# Aim of the task
As the answer, give a copy of each line below that includes the word "highlights".

[[ Data to examine, beginning ]]

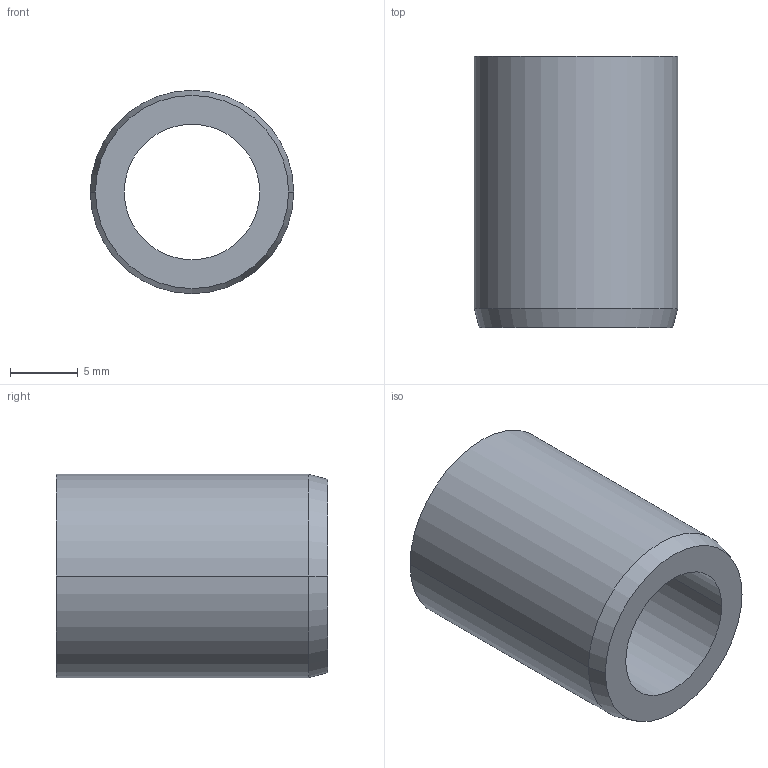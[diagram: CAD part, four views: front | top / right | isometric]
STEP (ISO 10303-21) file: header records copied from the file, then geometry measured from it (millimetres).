
FILE_DESCRIPTION(('STEP AP214'),'1');
FILE_NAME('HALDERN_EH_23112_0601.stp','2017-08-10T07:37:19',('TraceParts'),('TraceParts S.A.'),'Spatial InterOp 3D',' ',' ');
FILE_SCHEMA(('automotive_design'));
Length unit declared in the file: millimetre
Products named in the file (1): HALDERN_EH_23112_0601
Bounding box: 15 x 20 x 15 mm (x, y, z)
Volume: 1922 mm3; surface area: 1725.3 mm2
Topology: 1 solids, 1 shells, 10 faces, 23 edges, 15 vertices
Faces by surface type: cylinder 4, torus 2, cone 2, plane 2
Entity records: 396 total; most frequent: DIRECTION 62, CARTESIAN_POINT 49, ORIENTED_EDGE 46, AXIS2_PLACEMENT_3D 28, EDGE_CURVE 23, CIRCLE 17, VERTEX_POINT 15, EDGE_LOOP 12
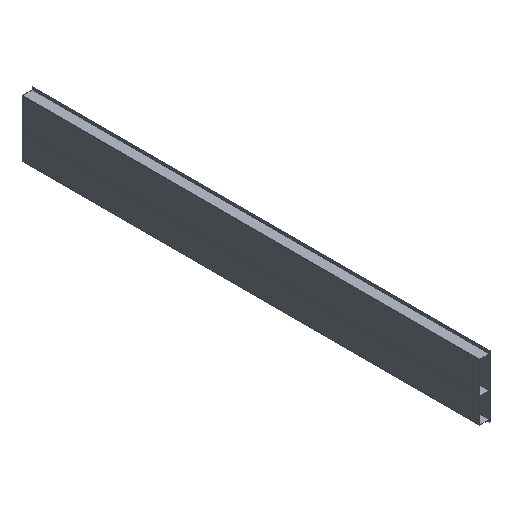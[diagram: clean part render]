
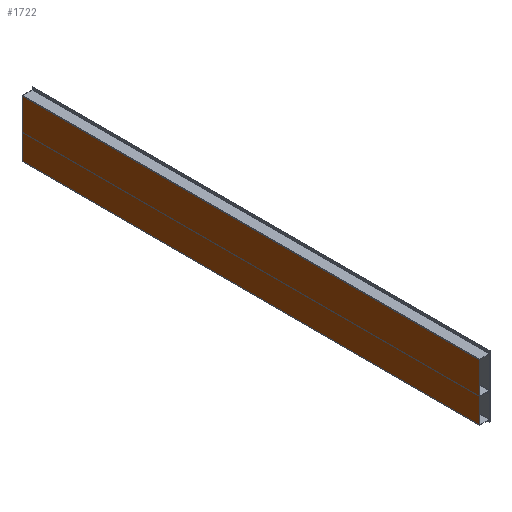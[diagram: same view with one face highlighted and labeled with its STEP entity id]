
A CAD part, isometric view. The second image highlights one B-rep face of the part: STEP entity #1722.
In plain terms, the highlighted face is planar.
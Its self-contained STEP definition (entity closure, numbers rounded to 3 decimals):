
#80 = CARTESIAN_POINT ( 'NONE',  ( -123., 46., -1000. ) ) ;
#124 = VERTEX_POINT ( 'NONE', #80 ) ;
#165 = PLANE ( 'NONE',  #1201 ) ;
#174 = FACE_OUTER_BOUND ( 'NONE', #776, .T. ) ;
#178 = EDGE_CURVE ( 'NONE', #306, #421, #631, .T. ) ;
#306 = VERTEX_POINT ( 'NONE', #1584 ) ;
#356 = VECTOR ( 'NONE', #979, 1000. ) ;
#421 = VERTEX_POINT ( 'NONE', #852 ) ;
#462 = CARTESIAN_POINT ( 'NONE',  ( 125., 46., 1000. ) ) ;
#505 = EDGE_CURVE ( 'NONE', #306, #124, #1545, .T. ) ;
#510 = LINE ( 'NONE', #792, #356 ) ;
#561 = VECTOR ( 'NONE', #2008, 1000. ) ;
#599 = ORIENTED_EDGE ( 'NONE', *, *, #505, .F. ) ;
#607 = DIRECTION ( 'NONE',  ( 0., 0., -1. ) ) ;
#631 = LINE ( 'NONE', #462, #561 ) ;
#658 = DIRECTION ( 'NONE',  ( 0., 1., 0. ) ) ;
#691 = VERTEX_POINT ( 'NONE', #858 ) ;
#744 = VECTOR ( 'NONE', #1973, 1000. ) ;
#776 = EDGE_LOOP ( 'NONE', ( #1602, #599, #1263, #1276 ) ) ;
#792 = CARTESIAN_POINT ( 'NONE',  ( 123., 46., 1000. ) ) ;
#852 = CARTESIAN_POINT ( 'NONE',  ( 123., 46., 1000. ) ) ;
#858 = CARTESIAN_POINT ( 'NONE',  ( 123., 46., -1000. ) ) ;
#979 = DIRECTION ( 'NONE',  ( 0., 0., -1. ) ) ;
#1032 = VECTOR ( 'NONE', #607, 1000. ) ;
#1201 = AXIS2_PLACEMENT_3D ( 'NONE', #1750, #658, #1601 ) ;
#1263 = ORIENTED_EDGE ( 'NONE', *, *, #178, .T. ) ;
#1276 = ORIENTED_EDGE ( 'NONE', *, *, #1807, .T. ) ;
#1350 = CARTESIAN_POINT ( 'NONE',  ( -125., 46., -1000. ) ) ;
#1438 = EDGE_CURVE ( 'NONE', #124, #691, #1784, .T. ) ;
#1545 = LINE ( 'NONE', #1823, #1032 ) ;
#1584 = CARTESIAN_POINT ( 'NONE',  ( -123., 46., 1000. ) ) ;
#1601 = DIRECTION ( 'NONE',  ( 0., 0., 1. ) ) ;
#1602 = ORIENTED_EDGE ( 'NONE', *, *, #1438, .F. ) ;
#1722 = ADVANCED_FACE ( 'NONE', ( #174 ), #165, .T. ) ;
#1750 = CARTESIAN_POINT ( 'NONE',  ( -125., 46., 1000. ) ) ;
#1784 = LINE ( 'NONE', #1350, #744 ) ;
#1807 = EDGE_CURVE ( 'NONE', #421, #691, #510, .T. ) ;
#1823 = CARTESIAN_POINT ( 'NONE',  ( -123., 46., 1000. ) ) ;
#1973 = DIRECTION ( 'NONE',  ( 1., 0., 0. ) ) ;
#2008 = DIRECTION ( 'NONE',  ( 1., 0., 0. ) ) ;
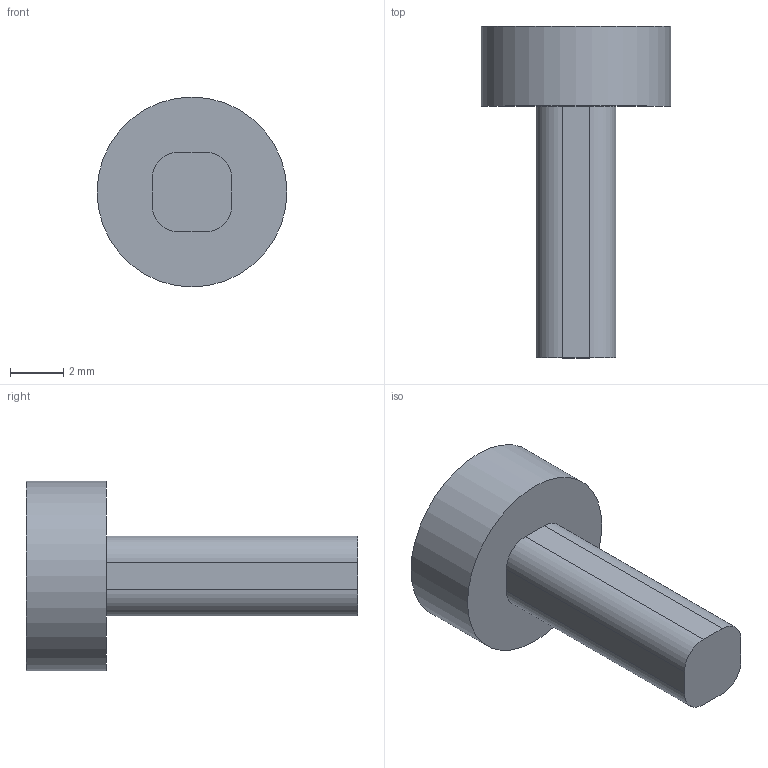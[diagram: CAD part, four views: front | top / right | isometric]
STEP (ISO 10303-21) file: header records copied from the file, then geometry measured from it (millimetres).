
FILE_DESCRIPTION(/* description */ ('STEP AP214'),/* implementation_level */ '2;1');
FILE_NAME(/* name */ '1.6 Coupling Shaft Metal.stp',/* time_stamp */ '2023-04-13T12:02:09+06:00',/* author */ ('shailesh suthar'),/* organization */ (''),/* preprocessor_version */ 'ST-DEVELOPER v18.1',/* originating_system */ 'Autodesk Inventor 2022',/* authorisation */ '');
FILE_SCHEMA (('AUTOMOTIVE_DESIGN { 1 0 10303 214 3 1 1 }'));
Length unit declared in the file: millimetre
Products named in the file (1): 1.6 Coupling Shaft Metal
Bounding box: 7.12 x 12.45 x 7.12 mm (x, y, z)
Volume: 196.6 mm3; surface area: 244.1 mm2
Topology: 1 solids, 1 shells, 12 faces, 27 edges, 18 vertices
Faces by surface type: plane 7, cylinder 5
Full cylindrical faces by diameter (mm): 7.125 x1
Entity records: 384 total; most frequent: DIRECTION 63, CARTESIAN_POINT 58, ORIENTED_EDGE 54, EDGE_CURVE 27, AXIS2_PLACEMENT_3D 23, VERTEX_POINT 18, LINE 17, VECTOR 17
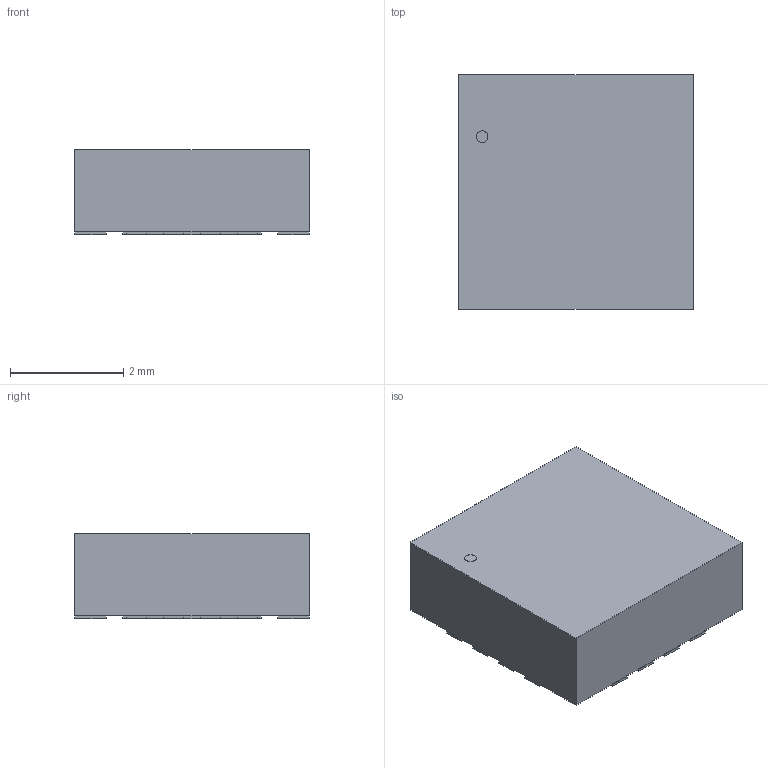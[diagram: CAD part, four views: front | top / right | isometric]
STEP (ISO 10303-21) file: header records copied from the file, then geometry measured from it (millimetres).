
FILE_DESCRIPTION(('STEP AP214'),'1');
FILE_NAME('CP_16_5A_ADI','2025-10-29T02:03:26',(''),(''),'','','');
FILE_SCHEMA(('AUTOMOTIVE_DESIGN'));
Length unit declared in the file: millimetre
Products named in the file (1): product
Bounding box: 4.14 x 4.14 x 1.5 mm (x, y, z)
Volume: 25.3 mm3; surface area: 78.6 mm2
Topology: 19 solids, 19 shells, 111 faces, 219 edges, 146 vertices
Faces by surface type: plane 110, cylinder 1
Full cylindrical faces by diameter (mm): 0.207 x1
Entity records: 2821 total; most frequent: DIRECTION 446, ORIENTED_EDGE 436, CARTESIAN_POINT 261, EDGE_CURVE 218, LINE 216, VECTOR 216, VERTEX_POINT 146, AXIS2_PLACEMENT_3D 115
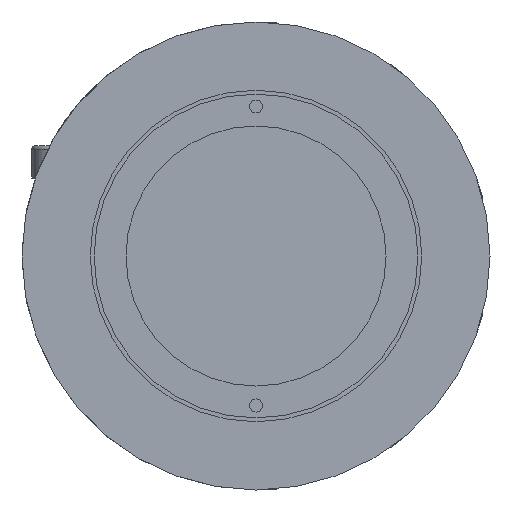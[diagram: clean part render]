
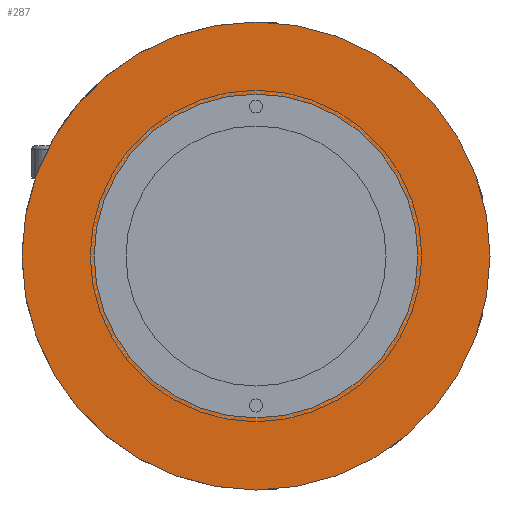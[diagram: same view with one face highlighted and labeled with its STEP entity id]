
A CAD part, left-side view. The second image highlights one B-rep face of the part: STEP entity #287.
In plain terms, the highlighted planar face has unit normal (-1, 0, 0).
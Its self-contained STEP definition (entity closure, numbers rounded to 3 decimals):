
#7 = CIRCLE ( 'NONE', #88, 18. ) ;
#45 = AXIS2_PLACEMENT_3D ( 'NONE', #2546, #1122, #2801 ) ;
#88 = AXIS2_PLACEMENT_3D ( 'NONE', #613, #2263, #839 ) ;
#124 = CARTESIAN_POINT ( 'NONE',  ( 0., 0., 0. ) ) ;
#125 = ORIENTED_EDGE ( 'NONE', *, *, #2866, .F. ) ;
#178 = CARTESIAN_POINT ( 'NONE',  ( 0., 18., 0. ) ) ;
#186 = CARTESIAN_POINT ( 'NONE',  ( 0., 0., 18. ) ) ;
#287 = ADVANCED_FACE ( 'NONE', ( #904, #1816 ), #1540, .F. ) ;
#335 = EDGE_LOOP ( 'NONE', ( #125, #1554 ) ) ;
#348 = DIRECTION ( 'NONE',  ( 0., 0., 1. ) ) ;
#610 = CIRCLE ( 'NONE', #701, 18. ) ;
#613 = CARTESIAN_POINT ( 'NONE',  ( 0., 0., 0. ) ) ;
#701 = AXIS2_PLACEMENT_3D ( 'NONE', #124, #1755, #348 ) ;
#820 = VERTEX_POINT ( 'NONE', #1377 ) ;
#829 = CARTESIAN_POINT ( 'NONE',  ( 0., 0., -18. ) ) ;
#839 = DIRECTION ( 'NONE',  ( 0., 0., 1. ) ) ;
#904 = FACE_BOUND ( 'NONE', #335, .T. ) ;
#1122 = DIRECTION ( 'NONE',  ( -1., 0., 0. ) ) ;
#1165 = ORIENTED_EDGE ( 'NONE', *, *, #2218, .T. ) ;
#1304 = DIRECTION ( 'NONE',  ( -1., 0., 0. ) ) ;
#1361 = AXIS2_PLACEMENT_3D ( 'NONE', #178, #2712, #2038 ) ;
#1377 = CARTESIAN_POINT ( 'NONE',  ( 0., 0., 12.45 ) ) ;
#1451 = ORIENTED_EDGE ( 'NONE', *, *, #2644, .T. ) ;
#1460 = CARTESIAN_POINT ( 'NONE',  ( 0., 0., -12.45 ) ) ;
#1540 = PLANE ( 'NONE',  #1361 ) ;
#1554 = ORIENTED_EDGE ( 'NONE', *, *, #1865, .F. ) ;
#1755 = DIRECTION ( 'NONE',  ( -1., 0., 0. ) ) ;
#1816 = FACE_OUTER_BOUND ( 'NONE', #2755, .T. ) ;
#1865 = EDGE_CURVE ( 'NONE', #2773, #820, #2563, .T. ) ;
#2038 = DIRECTION ( 'NONE',  ( 0., 0., -1. ) ) ;
#2218 = EDGE_CURVE ( 'NONE', #2952, #2870, #7, .T. ) ;
#2263 = DIRECTION ( 'NONE',  ( -1., 0., 0. ) ) ;
#2523 = CIRCLE ( 'NONE', #2986, 12.45 ) ;
#2546 = CARTESIAN_POINT ( 'NONE',  ( 0., 0., 0. ) ) ;
#2563 = CIRCLE ( 'NONE', #45, 12.45 ) ;
#2644 = EDGE_CURVE ( 'NONE', #2870, #2952, #610, .T. ) ;
#2712 = DIRECTION ( 'NONE',  ( 1., 0., 0. ) ) ;
#2733 = CARTESIAN_POINT ( 'NONE',  ( 0., 0., 0. ) ) ;
#2755 = EDGE_LOOP ( 'NONE', ( #1165, #1451 ) ) ;
#2773 = VERTEX_POINT ( 'NONE', #1460 ) ;
#2801 = DIRECTION ( 'NONE',  ( 0., 0., 1. ) ) ;
#2866 = EDGE_CURVE ( 'NONE', #820, #2773, #2523, .T. ) ;
#2870 = VERTEX_POINT ( 'NONE', #829 ) ;
#2952 = VERTEX_POINT ( 'NONE', #186 ) ;
#2983 = DIRECTION ( 'NONE',  ( 0., 0., 1. ) ) ;
#2986 = AXIS2_PLACEMENT_3D ( 'NONE', #2733, #1304, #2983 ) ;
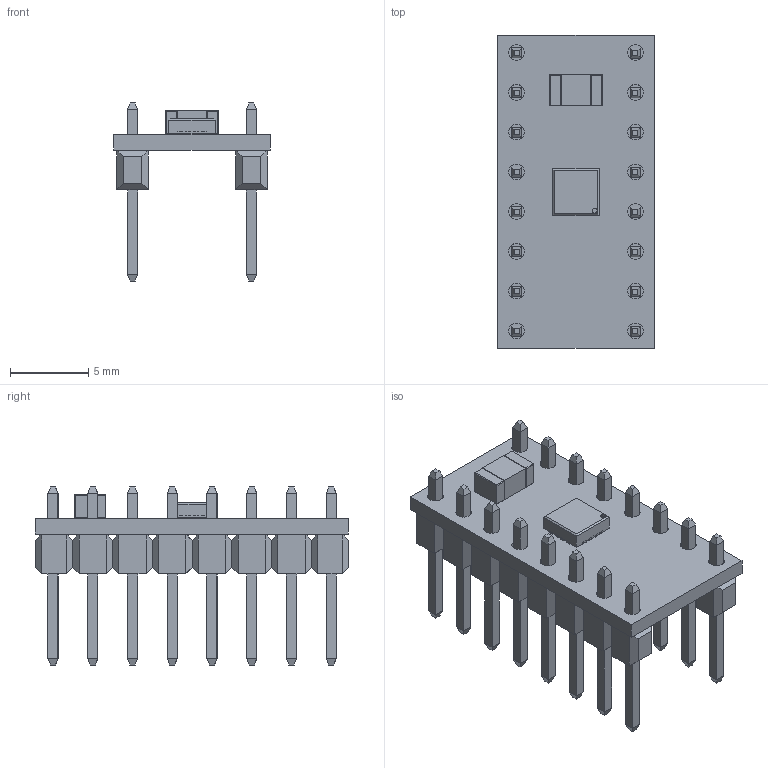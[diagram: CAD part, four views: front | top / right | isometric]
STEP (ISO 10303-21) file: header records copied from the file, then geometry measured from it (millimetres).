
FILE_DESCRIPTION(('FreeCAD Model'),'2;1');
FILE_NAME('Open CASCADE Shape Model','2021-11-30T18:56:56',( 'kicad StepUp'),('ksu MCAD'),'Open CASCADE STEP processor 7.5', 'FreeCAD','Unknown');
FILE_SCHEMA(('AUTOMOTIVE_DESIGN { 1 0 10303 214 1 1 1 1 }'));
Length unit declared in the file: millimetre
Products named in the file (1): AE_TC78H653FTG_v3_cp
Bounding box: 10 x 20.03 x 11.38 mm (x, y, z)
Volume: 461.1 mm3; surface area: 1413.9 mm2
Topology: 39 solids, 39 shells, 640 faces, 1319 edges, 758 vertices
Faces by surface type: plane 567, cylinder 57, sphere 16
Full cylindrical faces by diameter (mm): 0.3 x1, 1 x16
Entity records: 20983 total; most frequent: CARTESIAN_POINT 2718, DIRECTION 2715, ORIENTED_EDGE 2638, EDGE_CURVE 1319, LINE 1205, VECTOR 1205, VERTEX_POINT 758, AXIS2_PLACEMENT_3D 755
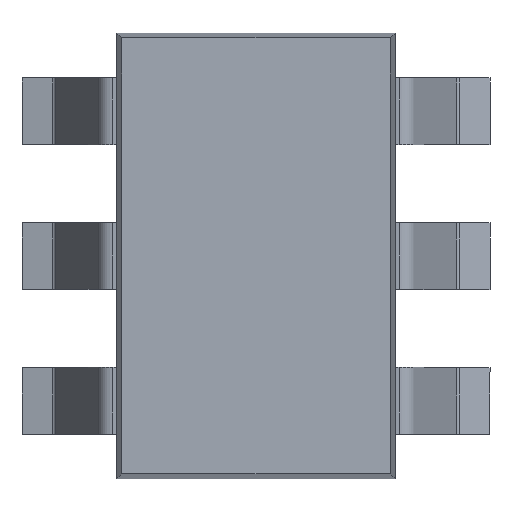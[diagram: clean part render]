
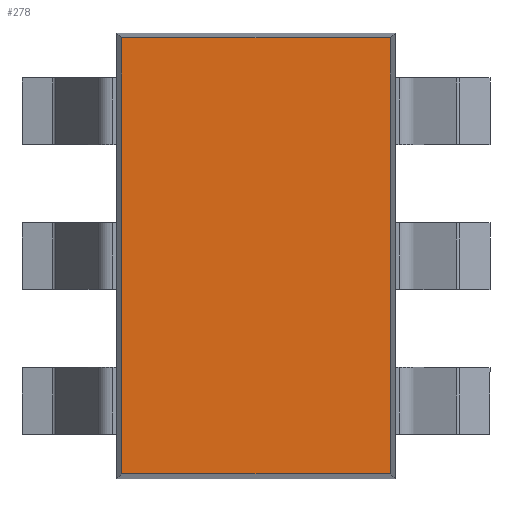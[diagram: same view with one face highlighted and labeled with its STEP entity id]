
A CAD part, top view. The second image highlights one B-rep face of the part: STEP entity #278.
In plain terms, the highlighted planar face has unit normal (0, 0, 1).
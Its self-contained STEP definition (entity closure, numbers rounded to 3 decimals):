
#278=ADVANCED_FACE('',(#442),#372,.T.);
#372=PLANE('',#1898);
#442=FACE_OUTER_BOUND('',#536,.T.);
#536=EDGE_LOOP('',(#630,#631,#632,#633));
#630=ORIENTED_EDGE('',*,*,#1258,.T.);
#631=ORIENTED_EDGE('',*,*,#1259,.T.);
#632=ORIENTED_EDGE('',*,*,#1260,.T.);
#633=ORIENTED_EDGE('',*,*,#1261,.T.);
#1102=VERTEX_POINT('',#2518);
#1103=VERTEX_POINT('',#2519);
#1104=VERTEX_POINT('',#2521);
#1105=VERTEX_POINT('',#2523);
#1258=EDGE_CURVE('',#1102,#1103,#1494,.T.);
#1259=EDGE_CURVE('',#1103,#1104,#1495,.T.);
#1260=EDGE_CURVE('',#1104,#1105,#1496,.T.);
#1261=EDGE_CURVE('',#1105,#1102,#1497,.T.);
#1494=LINE('',#2517,#1682);
#1495=LINE('',#2520,#1683);
#1496=LINE('',#2522,#1684);
#1497=LINE('',#2524,#1685);
#1682=VECTOR('',#2042,1.);
#1683=VECTOR('',#2043,1.);
#1684=VECTOR('',#2044,1.);
#1685=VECTOR('',#2045,1.);
#1898=AXIS2_PLACEMENT_3D('',#2525,#2046,#2047);
#2042=DIRECTION('',(0.,1.,0.));
#2043=DIRECTION('',(-1.,0.,0.));
#2044=DIRECTION('',(0.,-1.,0.));
#2045=DIRECTION('',(1.,0.,0.));
#2046=DIRECTION('',(0.,0.,1.));
#2047=DIRECTION('',(0.,-1.,0.));
#2517=CARTESIAN_POINT('',(-0.26,2.347,-1.743));
#2518=CARTESIAN_POINT('',(-0.26,1.368,-1.743));
#2519=CARTESIAN_POINT('',(-0.26,3.325,-1.743));
#2520=CARTESIAN_POINT('',(-0.863,3.325,-1.743));
#2521=CARTESIAN_POINT('',(-1.466,3.325,-1.743));
#2522=CARTESIAN_POINT('',(-1.466,2.347,-1.743));
#2523=CARTESIAN_POINT('',(-1.466,1.368,-1.743));
#2524=CARTESIAN_POINT('',(-0.863,1.368,-1.743));
#2525=CARTESIAN_POINT('',(-0.863,2.347,-1.743));

[[ Data to examine, end ]]

# Result
A CAD part, isometric view. The second image highlights one B-rep face of the part: STEP entity #1722.
A CAD part, left-side view. The second image highlights one B-rep face of the part: STEP entity #287.
A CAD part, top view. The second image highlights one B-rep face of the part: STEP entity #278.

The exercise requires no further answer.